◆ TASK TO COMPLETE: Output word for word the lines from the one with "John Deere 1025R Snowblowing Two Driveways" to the final line of the data, both ends included, but skip the pictures.

********

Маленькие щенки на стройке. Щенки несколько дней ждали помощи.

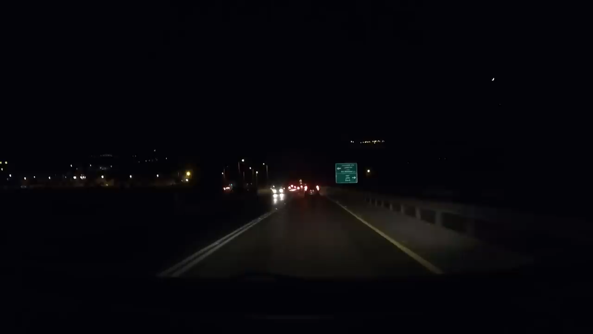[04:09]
В этот же день после работы я поехал в этот город. Я позвонил своему знакомому, который живет в тех краях, переслал ему видео и спросил, может быть, он узнает эти места. Он посмотрел и говорит, Олег, весь этот район одни сплошные новостройки. Я не знаю, где точно находится это место.
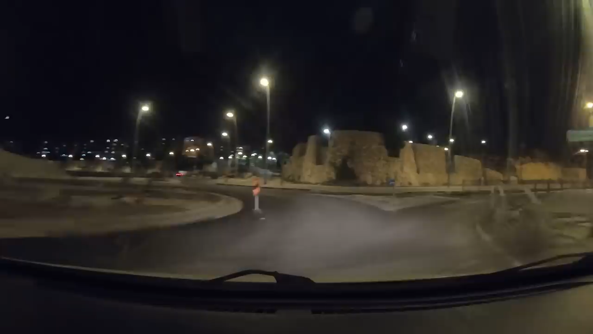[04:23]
Я не узнаю. И добавил, я даже не уверен, что это вообще там. В одноминутном видео, в котором человек рассказывал про щенков, был момент, когда он поднимает камеру и видно дома вдалеке. То, что я сделал, я остановил видео в этих моментах и сделал несколько фото. Ну, как бы вытащил фото из видео.
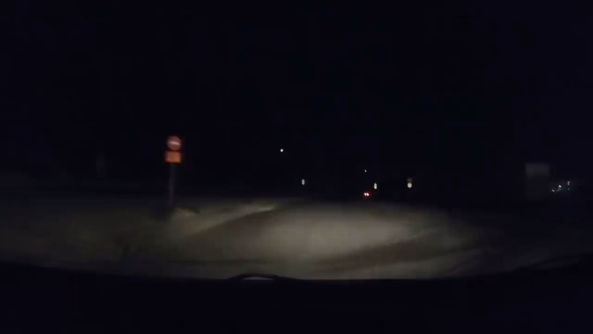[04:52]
Когда я приехал в этот город, было уже 10:30 ночи. В городе несколько районов новостроек на довольно-таки большом расстоянии друг от друга. Объехав несколько районов, я понял, что это бесполезное занятие, потому что в новых районах нет освещения ни в домах, ни на улице.
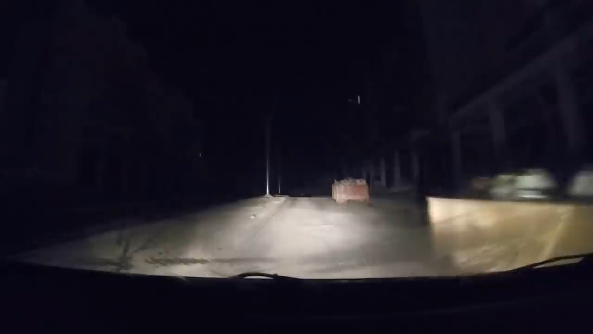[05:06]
Ничего даже близко похожего я не нашел. Искать таким образом в полной темноте – это было невозможно. Я решил приехать на следующий день утром.
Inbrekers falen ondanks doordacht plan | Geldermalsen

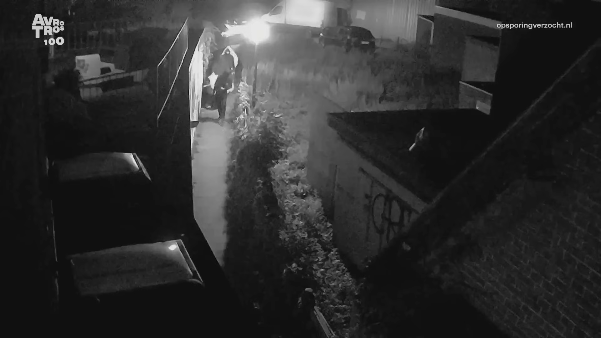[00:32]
Maar uiteindelijk gaan ze met z'n vieren. Ze hebben blijkbaar grootse plannen met twee big bags voor hun buit... ...en naast sloophamers ook nog een zogenaamde doorslijper.
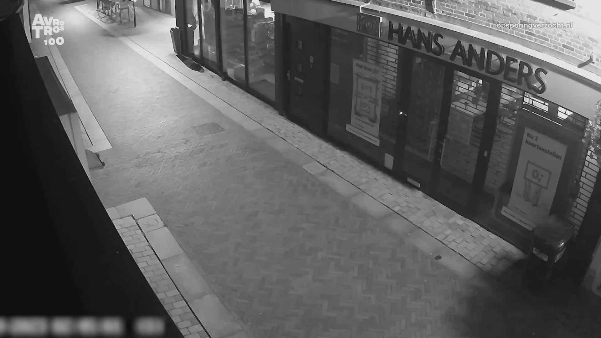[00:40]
Kijk alvast of u iets aan hen herkent.
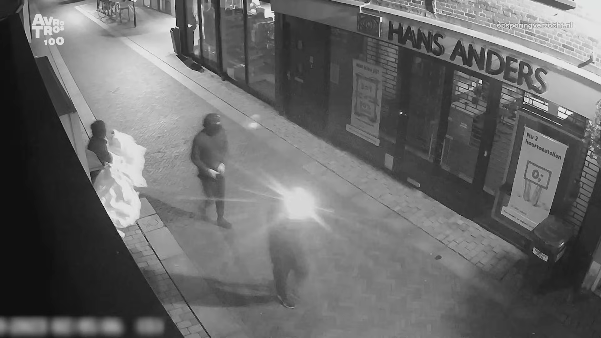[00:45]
Ze gaan aan de slag. Eerst stellen ze zich op. Er is een duidelijke rolverdeling.
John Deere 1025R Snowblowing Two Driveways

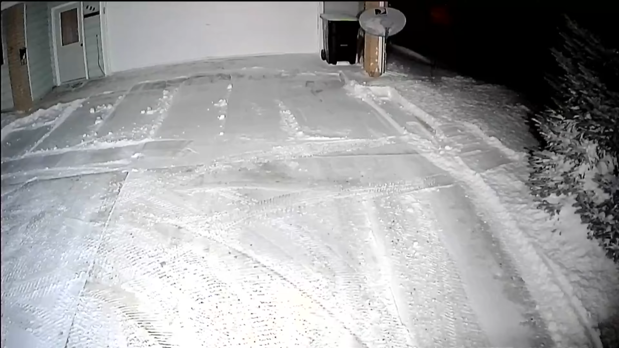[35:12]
Okay, so this is actually a video from the camera system I have put on this cab. The monitor in the top left corner of the cab inside has four cameras around the cab. This is the rear facing camera, and it does record all four cameras simultaneously to an SD card.
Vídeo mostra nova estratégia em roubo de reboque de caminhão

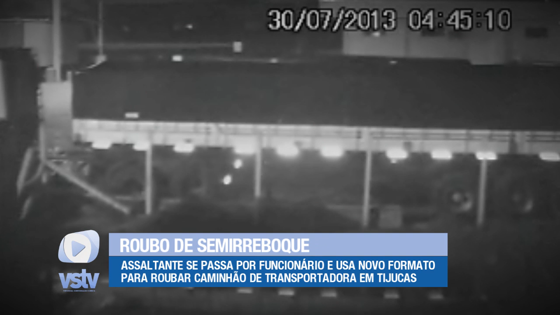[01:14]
Por volta das 19 horas, ele coloca seu cavalinho junto aos outros dois e só volta durante a madrugada para estar retirado do mesmo. Ele espera os outros motoristas saírem do local para praticar o roubo. A ação dura pouco mais de 10 minutos e, de acordo com o proprietário do semi-reboque, o ladrão fugiu pela BR-101 sentido a Itajaí. Até o momento, poucas informações levaram a polícia a uma definição das características do bandido,

********

◆ WRITTEN SOLUTION:
John Deere 1025R Snowblowing Two Driveways

[35:12]
Okay, so this is actually a video from the camera system I have put on this cab. The monitor in the top left corner of the cab inside has four cameras around the cab. This is the rear facing camera, and it does record all four cameras simultaneously to an SD card.
Vídeo mostra nova estratégia em roubo de reboque de caminhão

[01:14]
Por volta das 19 horas, ele coloca seu cavalinho junto aos outros dois e só volta durante a madrugada para estar retirado do mesmo. Ele espera os outros motoristas saírem do local para praticar o roubo. A ação dura pouco mais de 10 minutos e, de acordo com o proprietário do semi-reboque, o ladrão fugiu pela BR-101 sentido a Itajaí. Até o momento, poucas informações levaram a polícia a uma definição das características do bandido,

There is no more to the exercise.